As the result of a slump in sales, Falcon Cars was wound up in 1964.

Falcon Mk 2 was relaunched in the late 1980s as the Autotune Gemini.

==Models==

- Mark 1: Like the Ashley 750, it fitted the Austin 7 chassis with its 750 cc engine. Its bodyshape was inspired by contemporary sportscars particularly the Austin Healey 100.
- Mark 2: Formerly the Ashley Sports Racer, this shell fitted wheelbases between 6 ft 11 in and 7 ft 4 in. Primarily designed for the track, its styling was influenced by sports racers like the Jaguar D type. In September 1957, a hard top was made available.
- Competition: developed from the Mark 2, it sold as a complete kit from £560. Included were the GRP shell, Ford 100E engine and a spaceframe chassis. Twin head fairings were an option. It was also still available as a bare shell.
- Caribbean: Originally called the Mark 3, it was primarily intended for the Ford 10's 7 ft 6 in chassis, but would fit chassis of similar wheelbase. It was a pretty, Italian-inspired two seater that proved most popular in coupe form, although a convertible version was also offered. It was estimated that more than 2,000 were produced between 1959 and 1963.

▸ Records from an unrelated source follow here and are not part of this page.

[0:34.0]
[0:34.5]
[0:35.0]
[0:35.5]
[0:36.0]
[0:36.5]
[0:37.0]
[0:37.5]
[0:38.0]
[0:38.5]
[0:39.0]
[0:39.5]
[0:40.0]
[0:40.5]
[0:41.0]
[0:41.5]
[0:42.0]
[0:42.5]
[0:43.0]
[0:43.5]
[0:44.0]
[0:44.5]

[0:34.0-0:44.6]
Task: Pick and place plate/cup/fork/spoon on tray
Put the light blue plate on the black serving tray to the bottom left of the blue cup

- Bermuda: A two-plus-two version of the Caribbean for the family for the same Ford 10 base. Some 200 were sold.
- Peregrine: Originally called the 1000, it was a sleek GT coupe powered by the Ford Cosworth 105E motor. It was smaller than the Caribbean but retained the Falcon family style. Pellandine raced the car at Brands Hatch and set a lap record in its class. Only two were built.

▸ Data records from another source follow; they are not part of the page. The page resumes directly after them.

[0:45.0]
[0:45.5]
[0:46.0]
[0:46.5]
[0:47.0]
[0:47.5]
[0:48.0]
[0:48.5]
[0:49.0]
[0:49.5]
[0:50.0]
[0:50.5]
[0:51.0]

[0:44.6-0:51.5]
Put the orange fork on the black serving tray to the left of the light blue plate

- 515: Sold as a complete kit with a space frame made by Progress bonded to the bodyshell. It used a Ford 1500cc engine and running gear giving a maximum 70 bhp and creditable performance for the time. The shell was designed by Brazilian Tom Rohonyi taking inspiration from Ferrari, particularly the 1960 400 Superamerica. The kit sold for £900 but only about 25 were completed. In competition, Howden Ganley drove a works prepared car with some success.